> **Your instructions**
Give the whole listing below once more, exactly, without pictures.
Top of Provided entries
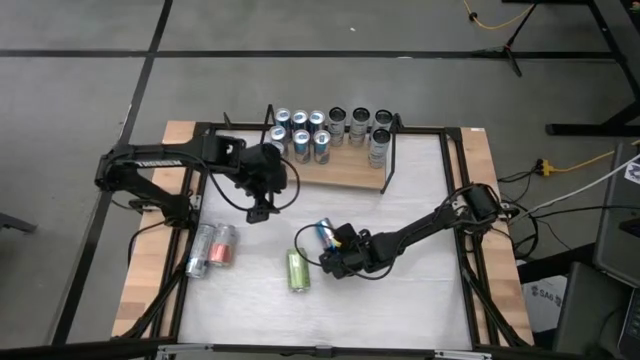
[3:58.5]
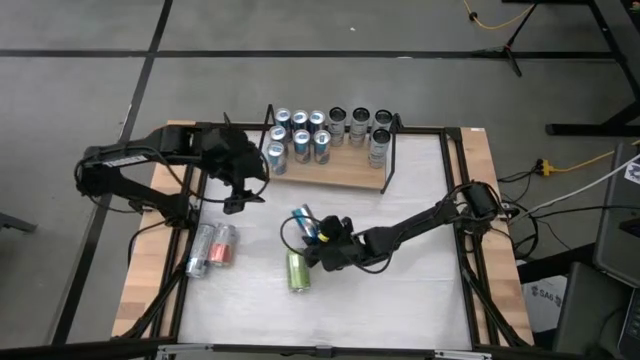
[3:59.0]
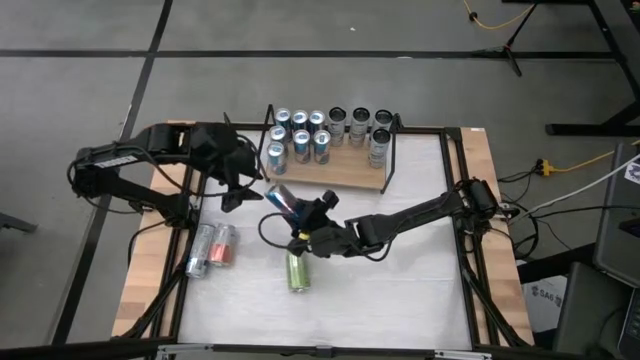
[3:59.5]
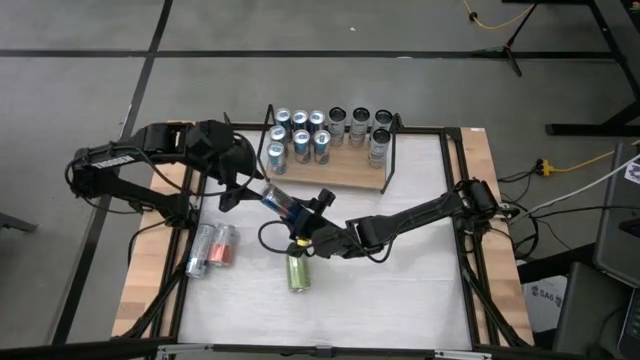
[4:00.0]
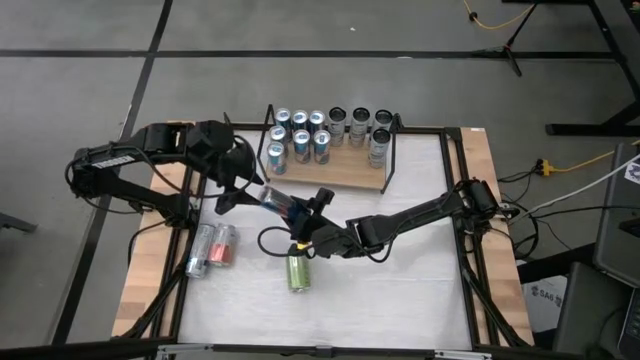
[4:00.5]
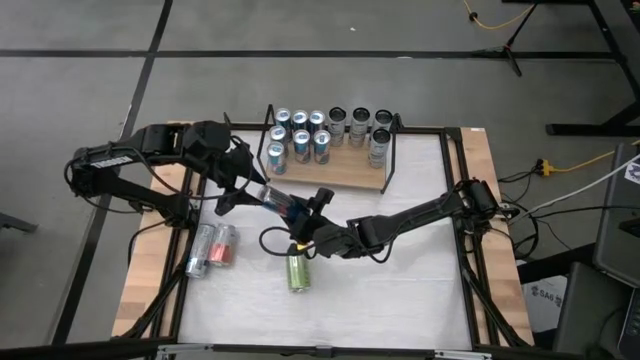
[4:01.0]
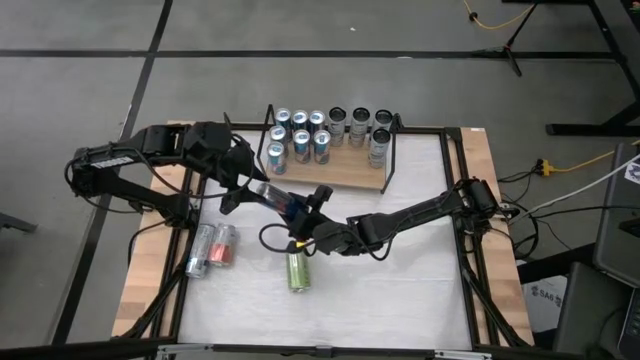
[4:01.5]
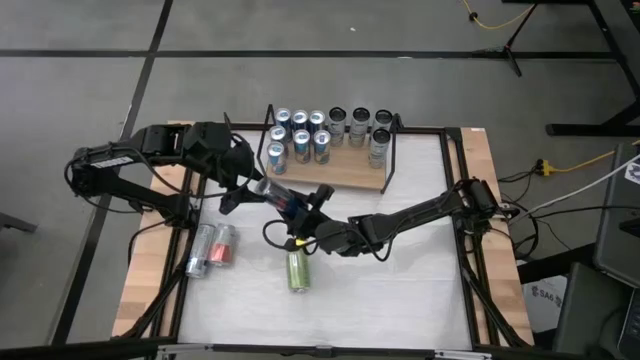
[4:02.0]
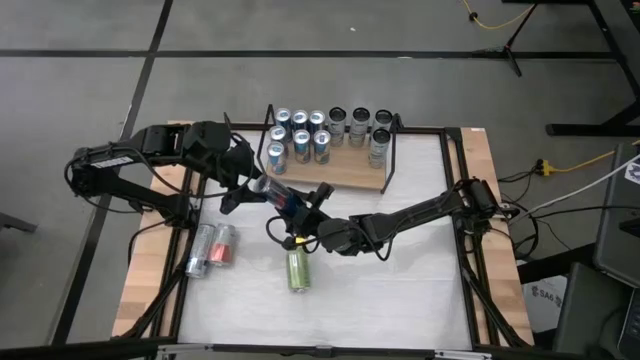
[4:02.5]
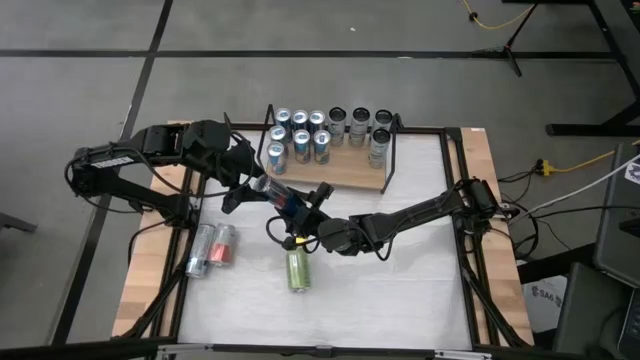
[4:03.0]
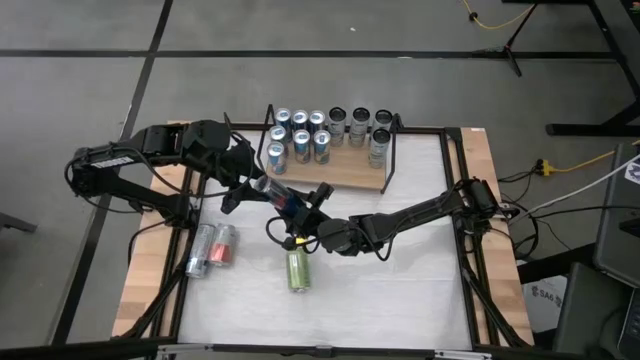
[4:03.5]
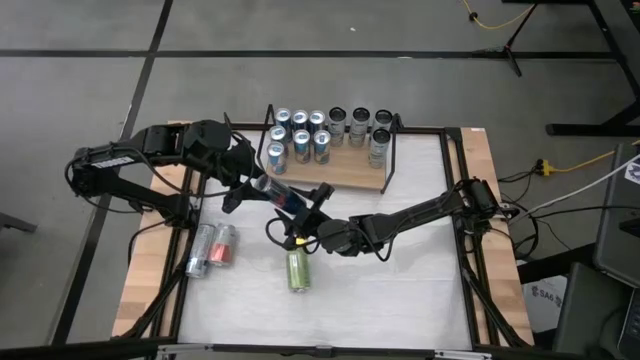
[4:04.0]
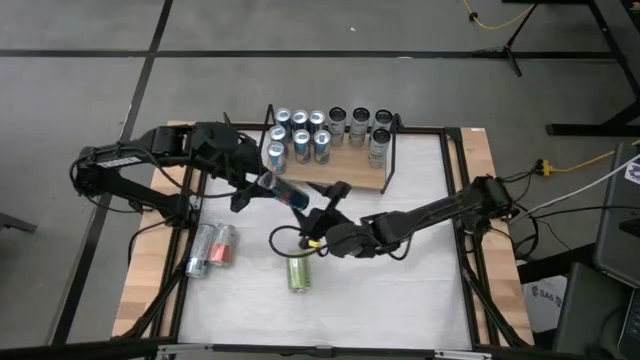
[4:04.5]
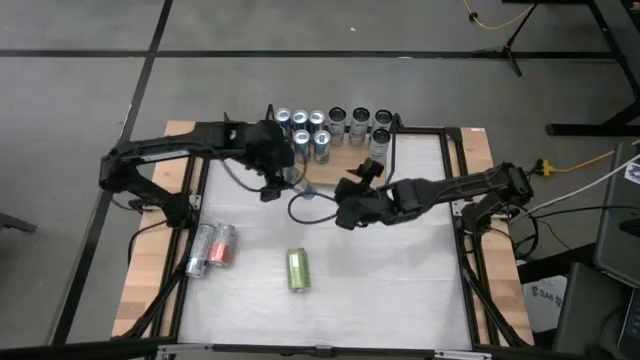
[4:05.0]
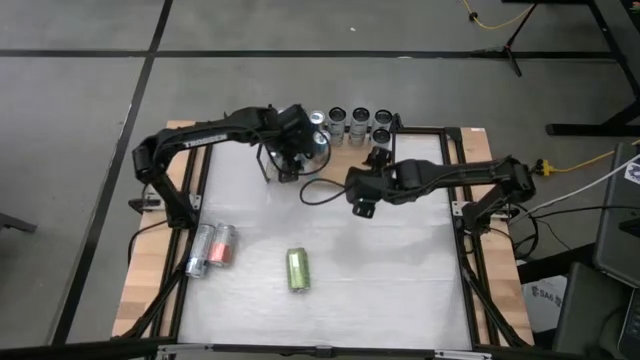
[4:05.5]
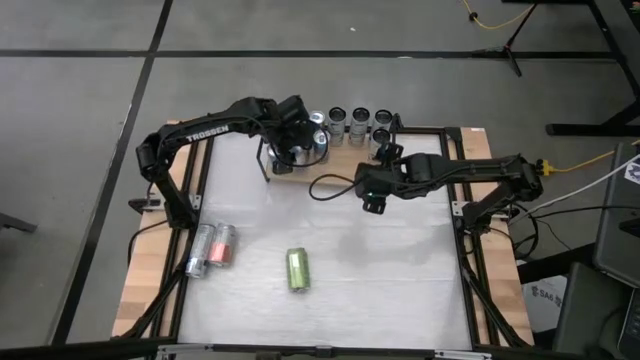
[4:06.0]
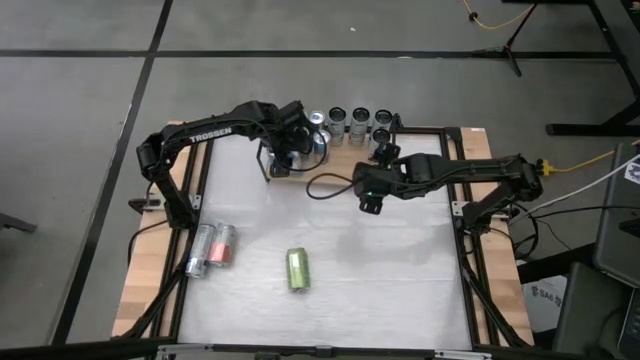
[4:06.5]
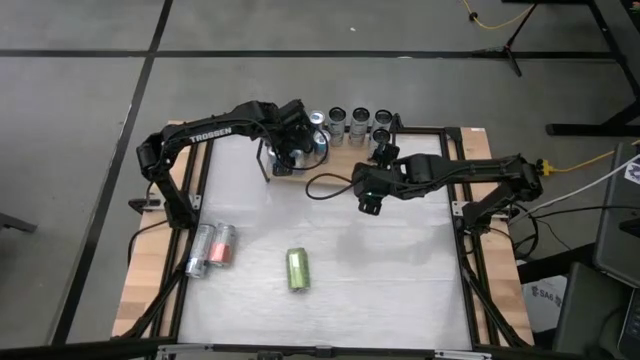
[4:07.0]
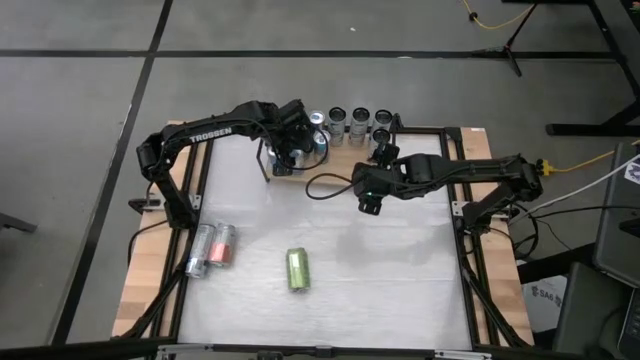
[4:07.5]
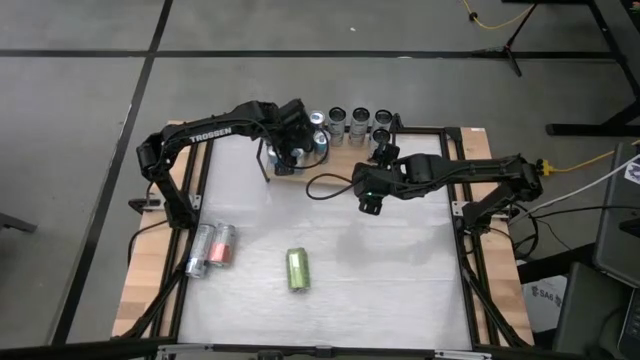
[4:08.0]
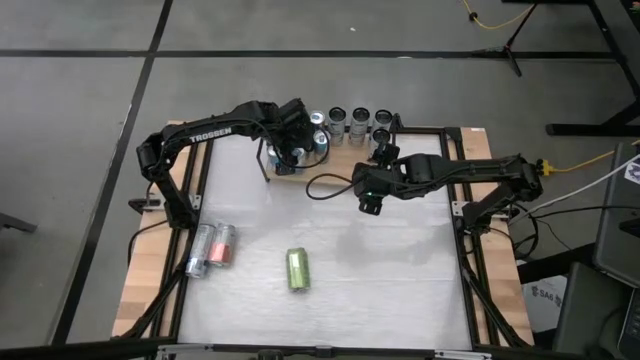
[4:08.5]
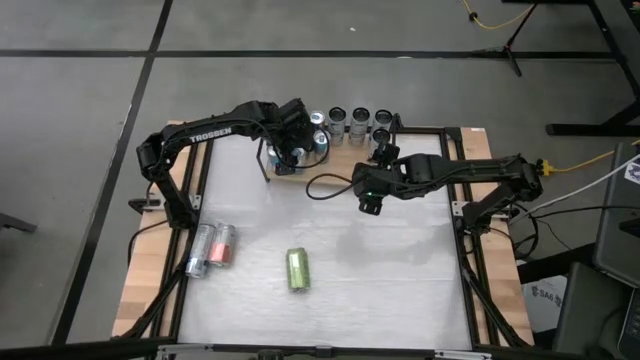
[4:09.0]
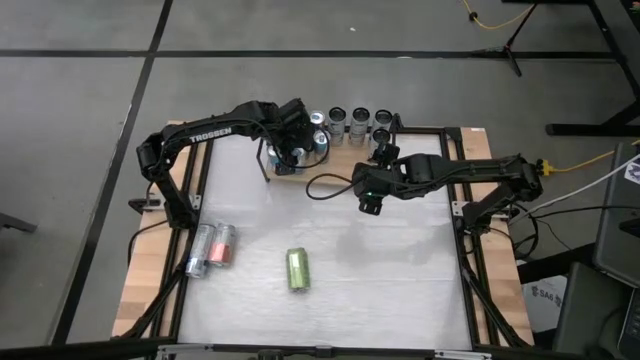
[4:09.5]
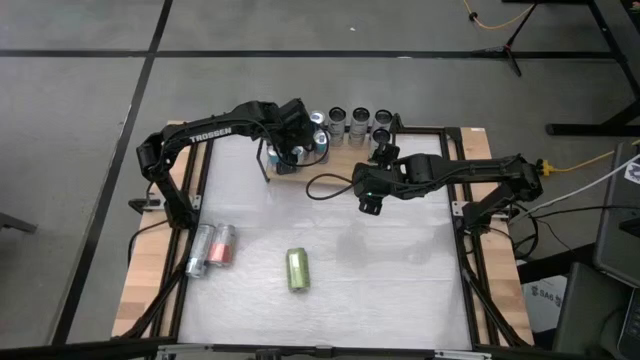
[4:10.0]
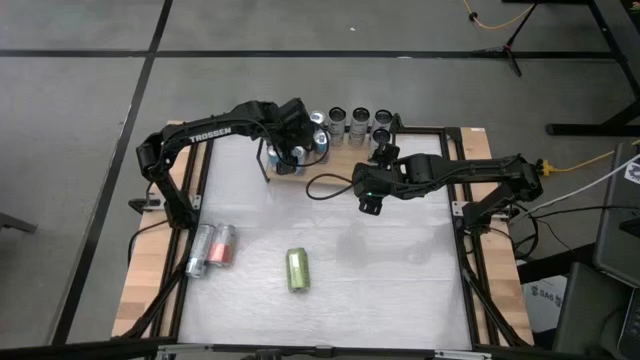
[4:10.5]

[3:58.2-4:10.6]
Task: Place canned beverage on shelf
Put the blue soda can on the shelf aligned with the other blue soda can
Bottom of Provided entries
> **Solution**
[3:58.5]
[3:59.0]
[3:59.5]
[4:00.0]
[4:00.5]
[4:01.0]
[4:01.5]
[4:02.0]
[4:02.5]
[4:03.0]
[4:03.5]
[4:04.0]
[4:04.5]
[4:05.0]
[4:05.5]
[4:06.0]
[4:06.5]
[4:07.0]
[4:07.5]
[4:08.0]
[4:08.5]
[4:09.0]
[4:09.5]
[4:10.0]
[4:10.5]

[3:58.2-4:10.6]
Task: Place canned beverage on shelf
Put the blue soda can on the shelf aligned with the other blue soda can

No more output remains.